Horizontally partitioned data

Fig. 8.1 Horizontally-partitioned data

  • Horizontal scaling: the ability of a system to handle an increasing amount of requests by creating more instances of itself.

  • HQ: Public access point of the vantage6 infrastructure. Contains at least the vantage6-hq application. Optional components such as RabbitMQ message broker and Prometheus monitoring can be made available in the same deployment.

  • Headquarters: see HQ

  • Hub: All central components of the vantage6 infrastructure. Together with the nodes, it forms the vantage6 network. The Hub always contains the vantage6 HQ application and an authentication service. It may also contain other components, such as the algorithm store and the user interface.

I

  • Image (as in container image). A blueprint for a container, which can be stored in an image registry (e.g. a Docker registry).

J

  • JWT Token: A JSON Web Token used for authentication and authorization in the system.

K

  • Kubernetes: An open-source system for automating deployment, scaling, and operations of application containers across clusters of hosts. Vantage6 uses Kubernetes’ container orchestration capabilities to deploy the hub and the nodes.

N

  • Node: vantage6 node application that runs at a Data Station which has access to the local data.

M

  • Multi-party computation: an approach to perform analyses across different parties by performing operations on encrypted data.

P

  • Partial function: The federated part of an algorithm that runs on local data at nodes.
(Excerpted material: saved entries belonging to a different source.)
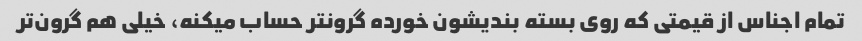
تمام اجناس از قیمتی که روی بسته بندیشون خورده گرونتر حساب میکنه، خیلی هم گرون‌تر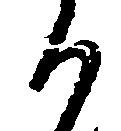
か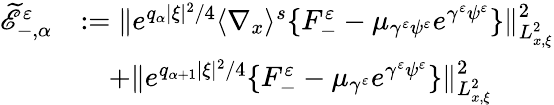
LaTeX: \begin{array}{rl}{\widetilde{\mathscr E}_{-,\alpha}^{\varepsilon}}&{:=\| e^{q_{\alpha}|\xi|^{2}/4}\langle\nabla_{x}\rangle^{s}\{ F_{-}^{\varepsilon}-\mu_{\gamma^{\varepsilon}\psi^{\varepsilon}}e^{\gamma^{\varepsilon}\psi^{\varepsilon}}\} \| _{L_{x,\xi}^{2}}^{2}}\\ &{\quad+\| e^{q_{\alpha+1}|\xi|^{2}/4}\{ F_{-}^{\varepsilon}-\mu_{\gamma^{\varepsilon}}e^{\gamma^{\varepsilon}\psi^{\varepsilon}}\} \| _{L_{x,\xi}^{2}}^{2}}\end{array}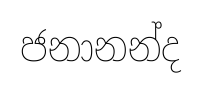
ජනානන්ද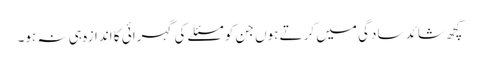
کچھ شائد سادگی میں کرتے ہوں جن کو مسئلے کی گہرائی کا اندازہ ہی نہ ہو۔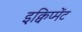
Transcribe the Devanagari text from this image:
इक्विप्मेंट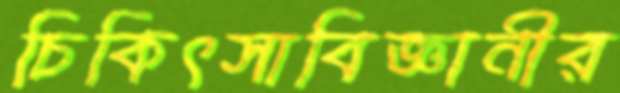
চিকিৎসাবিজ্ঞানীর

  • Party: an entity that takes part in one (or more) collaborations. In vantage6 a party is an organization.

  • Permission scope: The level of access granted to users for viewing and modifying dataframes (personal, organization, or collaboration level).

  • Preprocessing task: A task that modifies dataframes by adding or removing columns, or filtering rows.

  • Privacy-enhancing Technology (PET): Technologies that enable privacy-preserving analyses on federated data. This includes technologies such as differential privacy, secure multi-party computation, and federated analytics/learning.

  • Python: a high-level general purpose programming language. It aims to help programmers write clear, logical code. Vantage6 is mostly written in Python.

R

  • RSA keys: Cryptographic keys used for encryption and decryption of data between organizations.

S

  • Secure multi-party computation: see Multi-party computation

  • Session: A way to prepare a dataset that can be reused in many computation tasks, especially useful for large datasets and flexible preprocessing.

  • Study: A study is a subgroup of organizations within a collaboration.

T

  • Task: A task is a request from a client to the vantage6 HQ to execute an algorithm. Is is the main unit of work in vantage6.

  • TOTP (Time-based One-Time Password): A form of two-factor authentication where users generate time-based codes using an authenticator app.

  • Two-factor authentication: A method of authentication that requires two forms of identification.

U

  • UI: User Interface, the web application that allows users to interact with the vantage6 hub.

V

  • vantage6: an infrastructure for executing federated learning analyses. It can also be used as a FAIR data station and as a model repository.

  • Vertically-partitioned data: data spread across different parties where the latter have different features of the same instances (i.e., patients). See also horizontally-partitioned data.

Vertically partitioned data

Fig. 8.2 Vertically partitioned data

W

  • Wrapper: A library that simplifies and standardizes the interaction between the node and algorithm container, handling data reading and writing operations.

  • Whitelist: A list of allowed domains, ports, and IP addresses that algorithms can access.